Researchers find molecule that may hold key to learning and memory

Independent research teams from Harvard Medical School and Children’s Hospital Boston have identified a master protein that sheds light on one of neurobiology’s biggest mysteries–how neurons change as a result of individual experiences. The research, which appears in two papers in the latest issue of Science (Feb 17), identifies a central protein that regulates the growth and pruning of neurons throughout life in response to environmental stimuli. This protein, and the molecular pathway it guides, could help investigators understand the process of learning and memory, as well as lead to new therapies for diseases in which synapses either fail to form or run rampant, such as autism, neurodegenerative diseases, and psychiatric disorders.

Though axons and dendrites can be easily spotted waxing and waning under the microscope, the molecular middlemen working inside the cell to shape the neuron’s sinewy processes have been much more elusive. The teams found a protein that works in the nucleus of neurons that either pares down or promotes synapses depending on whether or not the neuron is being activated. The protein, myocyte enhancer factor 2 (MEF2), turns on and off genes that control dendritic remodeling. In addition, one of the teams has identified how MEF2 switches from one program to the other, that is, from dendrite-promoting to dendrite-pruning, and the researchers have identified some of MEF2’s targets.

The uncovering of the MEF2 pathway and its genetic switch helps fill in a theoretical blank in neurobiology, but what excites the researchers are the potential implications for the clinic. “Changes in the morphology of synapses could turn out to be very important in a whole host of diseases including neurodegenerative as well as psychiatric disorders,” said Azad Bonni, MD, PhD, HMS Associate Professor of Pathology who, with colleagues, authored one of the papers. Michael Greenberg, PhD, HMS Professor of Neurology at Children’s Hospital Boston, who led the other team, believes that the MEF2 pathway could play a role in autism and other neurodevelopmental diseases.

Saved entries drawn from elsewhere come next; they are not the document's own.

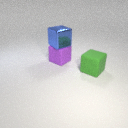
large purple rubber cube below large blue metal cube
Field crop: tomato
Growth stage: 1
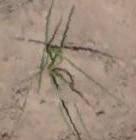
Species: cyperus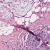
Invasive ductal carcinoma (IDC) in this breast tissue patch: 1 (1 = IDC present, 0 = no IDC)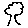
Label: tree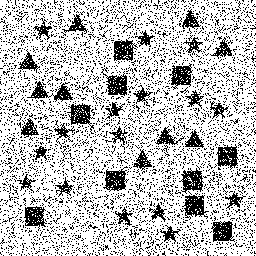
Squares: 10
Triangles: 10
Stars: 16
Total shapes: 36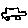
Label: car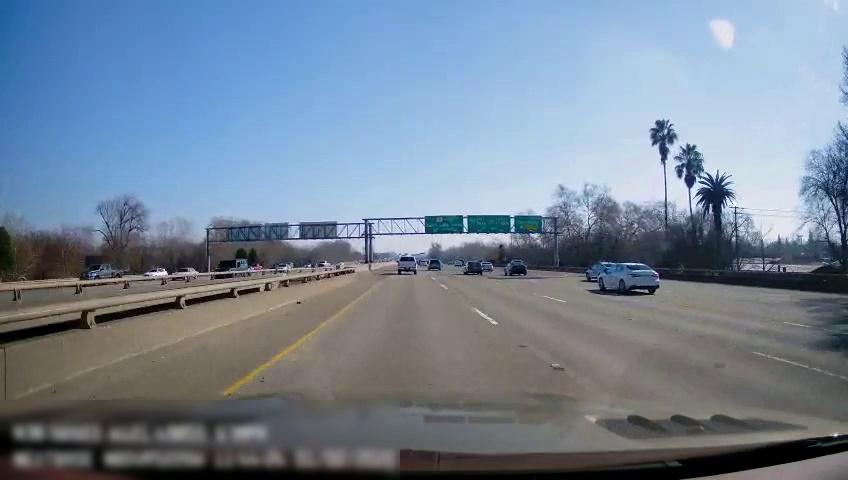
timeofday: Day
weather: Sunny
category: Drivable Space
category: Vehicles | Car
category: Vehicles | Truck
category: Vehicles | Car
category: Vehicles | SUV
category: Vehicles | Car
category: Vehicles | Truck
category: Drivable Space
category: Vehicles | Car
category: Vehicles | Car
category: Vehicles | Car
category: Vehicles | Car
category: Vehicles | Truck
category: Vehicles | Van
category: Vehicles | Car
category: Lanes | Current Lane
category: Lanes | Current Lane
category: Lanes | Alternate Lane
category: Lanes | Alternate Lane
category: Traffic | Signs
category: Traffic | Signs
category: Traffic | Signs
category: Traffic | Signs
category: Traffic | Signs
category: Traffic | Signs

The protein works by either activating or actively repressing target genes. In working on a group of neurons in the developing rat cerebellum, HMS research fellow in pathology Aryaman Shalizi, and HST medical student Brice Gaudilliere along with Bonni and their colleagues, found the MEF2 repressor promoted synaptic differentiation. In a separate study, Steven Flavell, a graduate student in neurology, Greenberg, and their colleagues found the MEF2 activator inhibited the growth of dendritic spines in the rat hippocampus, an area of the brain associated with memory and learning. Flavell, and also the Bonni team, found the activated, or dendrite-whittling, form of MEF2 comes on in response to increased neuronal activity.

That MEF2 activation leads to the inhibition of synapse formation, makes sense in light of what is known about the nervous system. In memory and learning, as well as development, activity leads to a sculpting, or cutting away, of synapses. What may be more surprising is the way activity causes MEF2 to switch from repressor to activator.

What Bonni and his colleagues found is that molecules modify a particular spot on MEF2, and transform it into a repressor. By removing the modification, known as sumoylation, MEF2 becomes an activator.

MEF2 was first identified in neurons in the 1990s. In 1999, Zixu Mao, then an HMS research fellow, working with Bonni, Greenberg, and colleagues showed that MEF2 promotes neuronal survival but little else was known about the protein. Though they knew that MEF2 comes in activated and repressor forms, neither team knew how exactly the protein works. They suspected it might play a role in regulating activity-dependent synaptic remodeling and set out to find out if that was the case.

Taken together, the findings of the two groups might appear puzzling for they seem to say that MEF2 promotes synapse formation by repressing genes and suppresses synapse formation by activating genes. The puzzle resolves itself when one considers the possibility that the genes being turned on and off act to discourage synapse formation. In fact, Flavell and his colleagues have identified two of MEF2’s targets, arc and SynGAP. The arc protein appears to play a role in internalizing glutamate receptors, which occurs when dendrites are being disassembled. SynGAP works to turn off the synapse-promoting ras gene. Bonni and his colleagues have identified yet a third target, Nur77. There are bound to be others.

The identification of these targets, and more generally the opening up of the MEF2 pathway, could lead to new therapies for a host of diseases in which synapses either fail to form or run rampant. In fact, Greenberg is currently a member of a consortium that is trying to get at the molecular underpinnings of autism. “We think the MEF2 pathway may be central,” he said.